Thursday, October 30, 2008

a prosh-er pear crisp

I've professed my love for fruit crisps and crumbles before, but my affection only grows stronger in the fall. Crisps are the perfect vehicle for autumnal fruits like apples, pears, and cranberries. And crisps are one of the best desserts for dinner parties when you just want to serve something delicious and unfussy. (What other desserts are ever as good as something simple, really?)

About a week ago, I found a recipe for pear crisps with vanilla brown butter. Smitten Kitchen described them prosh (am I the only one who didn't know what that means?), which piqued my interest, in addition to the brown butter. Brown butter! In a dessert! You could put brown butter on a newspaper and I would probably take a nibble. So I printed out the recipe and whipped it up for Megan's dinner, wanting something fall-ish and special. And, totally prosh, of course. Luckily this recipe delivered. The filling is delicious, but it's also the easiest and best crisp topping I've ever made.

One caveat: apologies to Gourmet magazine and SK (who really is the Queen of the Food Blogs in my book—very prosh indeed) but this recipe is misleadingly named. Yes, there's nutty brown butter and aromatic vanilla in the filling. But the flavor that really came through for me was from the handful of almonds in the crunchy topping. This is partially due to the fact that I, being cheap, substituted vanilla extract for an actual vanilla bean. (It's a recession, people.) Somehow buying a vanilla bean just seems too decadent, even for me. I obviously need to work on this issue.

Vanilla aside, the flavor is excellent, especially if you like desserts that aren't sweet-sweet. A dusting of confectioner's sugar on top was a nice finishing touch, but a scoop of vanilla ice cream will make this crisp so good your eyes will roll back in your head.

Pear crisps with vanilla brown butter
(Serves about 6 people)
1 1/2 cups all-purpose flour (I used 1 1/2 cups gluten-free flour)
1 cup whole almonds with skin
1/4 cup packed light brown sugar
1/4 teaspoon salt
3/4 stick unsalted butter, melted and cooled

1 vanilla bean, split lengthwise (or 2 Tbsp. vanilla extract)
1/2 stick unsalted butter
1/4 cup packed light brown sugar
2 tablespoons granulated sugar
1 tablespoon all-purpose flour
3 lb firm-ripe Anjou or Bartlett pears (about 6), peeled and coarsely chopped
2 tablespoons pear brandy or eau-de-vie (I used Calvados, apple brandy)

To make the topping, pulse together flour, almonds, brown sugar, and salt in a food processor until nuts are finely chopped. Add butter and pulse just until blended. Coarsely crumble in a shallow baking pan (I put it in a small bowl) and chill at least 1 hour.

Preheat oven to 425 degrees with rack in middle. To make the filling: if using a vanilla bean, scrape the seeds into a small heavy saucepan, then add pod and butter and cook over medium-low heat, swirling pan occasionally, until butter is browned and fragrant, about 4 minutes.
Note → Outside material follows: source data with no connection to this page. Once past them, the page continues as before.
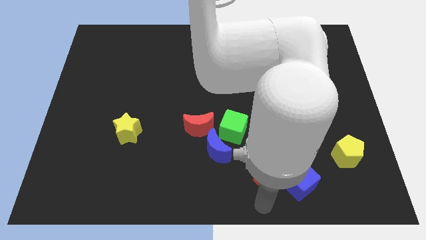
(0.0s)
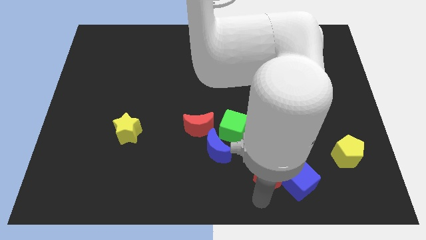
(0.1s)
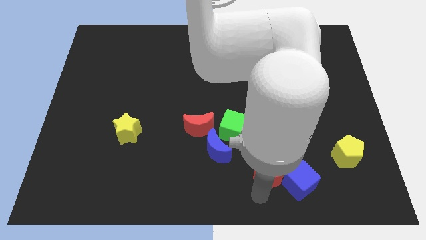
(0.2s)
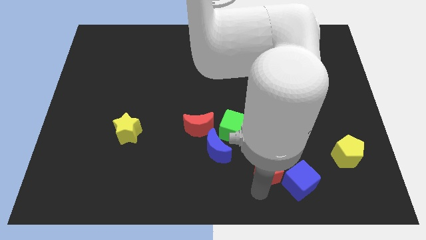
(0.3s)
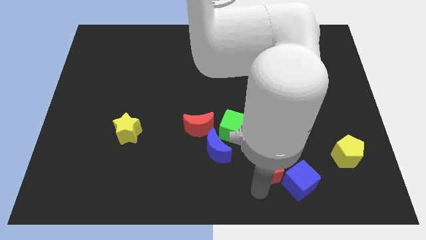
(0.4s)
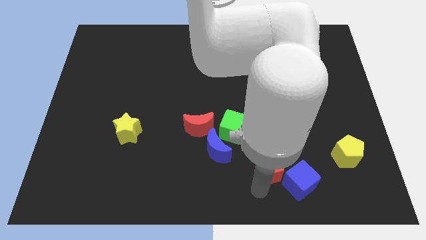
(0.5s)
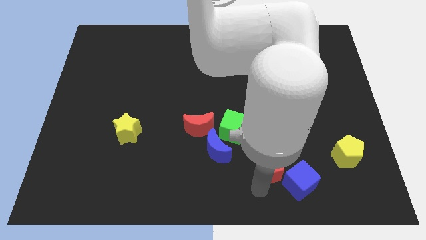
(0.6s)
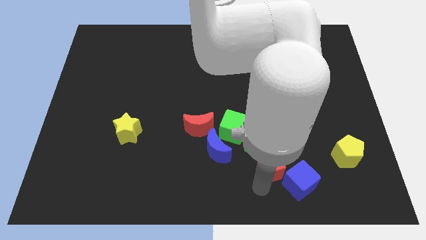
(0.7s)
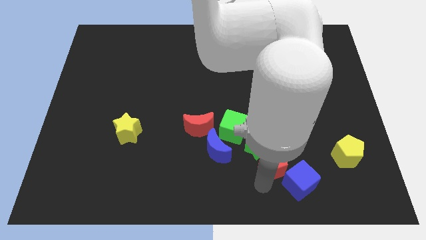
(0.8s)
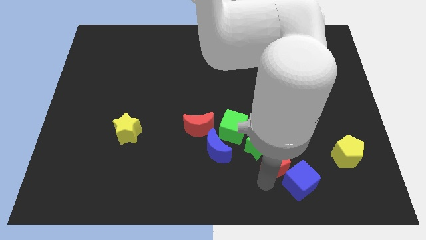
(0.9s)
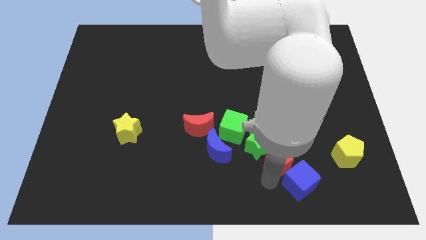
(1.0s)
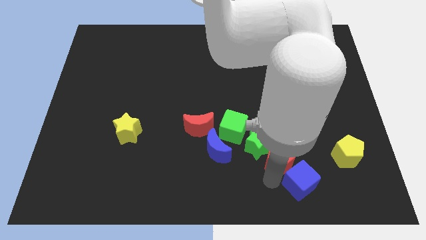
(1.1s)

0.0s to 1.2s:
place the red pentagon in between the green star and blue cube

While butter browns, stir together sugars, flour, and a pinch of salt in a large bowl. Add pears and brandy and toss to combine. Discard vanilla pod (or add extract), then toss butter with pear mixture. Spoon filling into gratin dishes (or one 9-inch baking dish) and sprinkle with topping, mounding it slightly in the center. In using ramekins, put them in a shallow baking pan, or just put the baking dish in the oven and bake 30 minutes. Rotate baking sheet and bake until topping is golden brown and filling is bubbling, 10 to 15 minutes more. Cool to warm or room temperature before serving.


Vanessa said...

I keep hearing about people buying bulk vanilla beans on ebay, and the price becomes more reasonable...but I can't justify spending $70 and having 100 vanilla beans. That seems like something a serial killer would do.

Daniel said...

In today's unstable economy, vanilla beans may be just the kind of sound investment people are looking for.

Not just for serial killers anymore!

Lisa said...

haha--totally a serial killer move. But only if you stuff them up your dead victims' noses.

Too gross for the blog?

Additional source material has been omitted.